● Aim of the exercise
Word for word, restate the entries below from their first line through the line that contains "282.67c0.109-0.016 10.543-1.723 17.762".

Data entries
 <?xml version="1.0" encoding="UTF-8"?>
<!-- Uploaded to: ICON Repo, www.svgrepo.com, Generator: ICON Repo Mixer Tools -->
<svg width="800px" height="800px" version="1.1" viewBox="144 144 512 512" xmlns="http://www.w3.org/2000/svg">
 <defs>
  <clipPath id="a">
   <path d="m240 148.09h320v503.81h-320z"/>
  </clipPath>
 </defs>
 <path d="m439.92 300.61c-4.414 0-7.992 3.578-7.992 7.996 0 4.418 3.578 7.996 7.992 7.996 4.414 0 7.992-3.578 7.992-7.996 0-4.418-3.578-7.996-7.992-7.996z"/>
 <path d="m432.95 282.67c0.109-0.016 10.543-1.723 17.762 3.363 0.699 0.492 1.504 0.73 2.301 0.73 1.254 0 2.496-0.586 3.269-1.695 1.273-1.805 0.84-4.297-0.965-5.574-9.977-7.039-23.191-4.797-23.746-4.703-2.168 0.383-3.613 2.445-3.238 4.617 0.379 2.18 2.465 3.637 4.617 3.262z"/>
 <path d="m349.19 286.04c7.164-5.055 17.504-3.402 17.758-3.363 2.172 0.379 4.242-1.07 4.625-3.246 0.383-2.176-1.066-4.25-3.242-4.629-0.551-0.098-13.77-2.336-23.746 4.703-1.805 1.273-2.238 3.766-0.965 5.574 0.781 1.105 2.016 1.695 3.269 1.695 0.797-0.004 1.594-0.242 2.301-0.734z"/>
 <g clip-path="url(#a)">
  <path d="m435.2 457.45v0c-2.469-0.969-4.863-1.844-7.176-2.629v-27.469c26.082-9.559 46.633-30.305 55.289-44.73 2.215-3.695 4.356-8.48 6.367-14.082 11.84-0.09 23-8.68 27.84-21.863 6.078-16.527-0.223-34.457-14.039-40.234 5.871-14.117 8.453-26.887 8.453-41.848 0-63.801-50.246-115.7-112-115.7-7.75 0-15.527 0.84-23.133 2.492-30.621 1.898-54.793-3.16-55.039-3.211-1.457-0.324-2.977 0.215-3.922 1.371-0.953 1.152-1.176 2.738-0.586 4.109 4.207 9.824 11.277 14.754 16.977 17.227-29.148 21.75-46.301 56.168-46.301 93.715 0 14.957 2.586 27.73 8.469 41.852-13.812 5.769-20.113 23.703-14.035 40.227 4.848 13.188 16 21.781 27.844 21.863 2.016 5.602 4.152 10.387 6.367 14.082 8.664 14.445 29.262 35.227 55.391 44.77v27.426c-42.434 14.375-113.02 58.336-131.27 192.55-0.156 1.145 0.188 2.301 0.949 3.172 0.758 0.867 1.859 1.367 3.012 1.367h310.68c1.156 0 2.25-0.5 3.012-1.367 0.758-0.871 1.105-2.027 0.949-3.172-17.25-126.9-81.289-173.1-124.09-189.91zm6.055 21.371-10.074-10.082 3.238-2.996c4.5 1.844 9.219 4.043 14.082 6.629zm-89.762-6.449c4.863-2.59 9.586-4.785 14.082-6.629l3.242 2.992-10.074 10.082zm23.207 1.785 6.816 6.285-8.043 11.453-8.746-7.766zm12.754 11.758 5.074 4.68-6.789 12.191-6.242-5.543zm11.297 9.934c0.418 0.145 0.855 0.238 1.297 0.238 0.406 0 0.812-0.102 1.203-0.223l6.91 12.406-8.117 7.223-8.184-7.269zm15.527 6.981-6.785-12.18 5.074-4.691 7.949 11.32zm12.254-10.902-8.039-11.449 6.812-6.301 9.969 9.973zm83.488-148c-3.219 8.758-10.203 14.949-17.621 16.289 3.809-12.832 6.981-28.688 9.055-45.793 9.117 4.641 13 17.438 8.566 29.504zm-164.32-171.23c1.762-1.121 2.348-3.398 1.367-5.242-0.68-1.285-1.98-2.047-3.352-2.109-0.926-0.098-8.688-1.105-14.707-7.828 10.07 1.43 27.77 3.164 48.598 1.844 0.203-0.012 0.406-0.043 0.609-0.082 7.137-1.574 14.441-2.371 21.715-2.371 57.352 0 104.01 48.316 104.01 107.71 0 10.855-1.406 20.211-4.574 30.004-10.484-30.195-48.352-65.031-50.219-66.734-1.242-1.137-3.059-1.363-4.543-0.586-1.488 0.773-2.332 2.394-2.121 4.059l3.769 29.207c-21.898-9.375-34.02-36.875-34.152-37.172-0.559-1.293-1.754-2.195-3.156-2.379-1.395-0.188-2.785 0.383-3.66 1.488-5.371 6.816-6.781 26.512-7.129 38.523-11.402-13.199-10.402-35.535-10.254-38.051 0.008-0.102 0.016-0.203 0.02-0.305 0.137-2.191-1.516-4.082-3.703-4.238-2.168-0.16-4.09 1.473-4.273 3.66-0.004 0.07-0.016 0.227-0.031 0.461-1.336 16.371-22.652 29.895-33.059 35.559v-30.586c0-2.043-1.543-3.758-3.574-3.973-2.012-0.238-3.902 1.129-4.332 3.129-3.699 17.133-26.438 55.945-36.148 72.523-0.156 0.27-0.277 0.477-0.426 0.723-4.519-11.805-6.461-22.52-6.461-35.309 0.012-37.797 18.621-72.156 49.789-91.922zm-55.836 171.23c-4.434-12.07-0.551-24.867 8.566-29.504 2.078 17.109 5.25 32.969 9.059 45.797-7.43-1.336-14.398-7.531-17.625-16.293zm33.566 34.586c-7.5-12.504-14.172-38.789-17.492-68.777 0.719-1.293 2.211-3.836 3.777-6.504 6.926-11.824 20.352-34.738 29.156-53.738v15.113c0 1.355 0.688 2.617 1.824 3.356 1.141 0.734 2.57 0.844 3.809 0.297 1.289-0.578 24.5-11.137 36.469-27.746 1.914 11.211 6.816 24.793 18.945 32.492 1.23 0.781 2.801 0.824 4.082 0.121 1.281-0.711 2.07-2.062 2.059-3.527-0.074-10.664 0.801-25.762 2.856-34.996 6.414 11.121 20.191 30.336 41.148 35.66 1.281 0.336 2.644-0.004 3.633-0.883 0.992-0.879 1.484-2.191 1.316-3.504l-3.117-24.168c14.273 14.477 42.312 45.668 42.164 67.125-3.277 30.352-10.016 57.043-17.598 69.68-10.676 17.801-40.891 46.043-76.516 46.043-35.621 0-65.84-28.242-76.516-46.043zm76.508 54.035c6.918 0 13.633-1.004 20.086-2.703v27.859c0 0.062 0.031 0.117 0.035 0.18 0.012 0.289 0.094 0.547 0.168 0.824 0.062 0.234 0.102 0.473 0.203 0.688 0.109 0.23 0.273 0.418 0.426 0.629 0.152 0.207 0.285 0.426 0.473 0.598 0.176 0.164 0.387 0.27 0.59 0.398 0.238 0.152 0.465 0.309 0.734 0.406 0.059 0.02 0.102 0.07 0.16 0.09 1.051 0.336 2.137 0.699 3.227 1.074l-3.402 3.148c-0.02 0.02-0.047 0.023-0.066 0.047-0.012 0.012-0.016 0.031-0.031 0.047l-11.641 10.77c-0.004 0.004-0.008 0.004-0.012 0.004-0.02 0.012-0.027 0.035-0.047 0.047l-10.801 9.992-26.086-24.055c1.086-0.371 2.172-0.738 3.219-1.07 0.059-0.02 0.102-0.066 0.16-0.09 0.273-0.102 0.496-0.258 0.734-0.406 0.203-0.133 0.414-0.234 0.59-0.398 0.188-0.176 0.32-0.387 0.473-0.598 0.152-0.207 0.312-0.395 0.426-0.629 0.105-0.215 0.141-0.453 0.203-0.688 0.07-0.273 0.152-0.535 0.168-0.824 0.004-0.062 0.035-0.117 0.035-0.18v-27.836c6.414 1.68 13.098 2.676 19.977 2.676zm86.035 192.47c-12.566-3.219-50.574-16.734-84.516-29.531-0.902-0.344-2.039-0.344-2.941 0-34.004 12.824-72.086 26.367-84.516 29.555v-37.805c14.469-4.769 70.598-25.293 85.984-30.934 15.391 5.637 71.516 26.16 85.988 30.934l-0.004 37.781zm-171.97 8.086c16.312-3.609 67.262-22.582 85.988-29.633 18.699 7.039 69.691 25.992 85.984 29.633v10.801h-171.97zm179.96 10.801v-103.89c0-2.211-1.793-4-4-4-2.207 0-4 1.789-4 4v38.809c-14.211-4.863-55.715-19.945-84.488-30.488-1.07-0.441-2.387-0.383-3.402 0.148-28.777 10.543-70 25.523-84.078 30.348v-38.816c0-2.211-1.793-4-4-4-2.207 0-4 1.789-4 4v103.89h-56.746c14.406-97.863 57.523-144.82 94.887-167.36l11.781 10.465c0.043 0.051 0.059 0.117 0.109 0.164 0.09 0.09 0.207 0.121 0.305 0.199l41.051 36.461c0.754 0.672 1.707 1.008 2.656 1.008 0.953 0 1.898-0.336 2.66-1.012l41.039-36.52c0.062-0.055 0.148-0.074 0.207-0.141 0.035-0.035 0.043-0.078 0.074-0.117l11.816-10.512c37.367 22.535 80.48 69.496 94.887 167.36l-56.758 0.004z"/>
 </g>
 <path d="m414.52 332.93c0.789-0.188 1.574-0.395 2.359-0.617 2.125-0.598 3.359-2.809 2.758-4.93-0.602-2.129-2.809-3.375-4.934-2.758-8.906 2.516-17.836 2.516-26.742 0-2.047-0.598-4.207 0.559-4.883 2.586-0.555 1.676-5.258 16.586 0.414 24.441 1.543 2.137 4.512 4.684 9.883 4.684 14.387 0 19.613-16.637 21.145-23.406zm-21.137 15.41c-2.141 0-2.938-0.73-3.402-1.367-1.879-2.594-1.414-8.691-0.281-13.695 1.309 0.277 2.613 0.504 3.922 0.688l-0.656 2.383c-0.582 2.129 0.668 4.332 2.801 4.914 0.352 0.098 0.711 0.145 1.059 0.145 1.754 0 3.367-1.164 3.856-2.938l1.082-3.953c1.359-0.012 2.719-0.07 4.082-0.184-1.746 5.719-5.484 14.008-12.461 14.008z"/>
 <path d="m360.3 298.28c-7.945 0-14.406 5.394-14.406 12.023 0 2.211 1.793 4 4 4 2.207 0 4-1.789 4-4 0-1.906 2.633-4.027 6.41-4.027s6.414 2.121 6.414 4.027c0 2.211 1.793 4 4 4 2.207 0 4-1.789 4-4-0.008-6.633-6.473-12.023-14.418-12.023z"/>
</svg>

● Reply
 <?xml version="1.0" encoding="UTF-8"?>
<!-- Uploaded to: ICON Repo, www.svgrepo.com, Generator: ICON Repo Mixer Tools -->
<svg width="800px" height="800px" version="1.1" viewBox="144 144 512 512" xmlns="http://www.w3.org/2000/svg">
 <defs>
  <clipPath id="a">
   <path d="m240 148.09h320v503.81h-320z"/>
  </clipPath>
 </defs>
 <path d="m439.92 300.61c-4.414 0-7.992 3.578-7.992 7.996 0 4.418 3.578 7.996 7.992 7.996 4.414 0 7.992-3.578 7.992-7.996 0-4.418-3.578-7.996-7.992-7.996z"/>
 <path d="m432.95 282.67c0.109-0.016 10.543-1.723 17.762 3.363 0.699 0.492 1.504 0.73 2.301 0.73 1.254 0 2.496-0.586 3.269-1.695 1.273-1.805 0.84-4.297-0.965-5.574-9.977-7.039-23.191-4.797-23.746-4.703-2.168 0.383-3.613 2.445-3.238 4.617 0.379 2.18 2.465 3.637 4.617 3.262z"/>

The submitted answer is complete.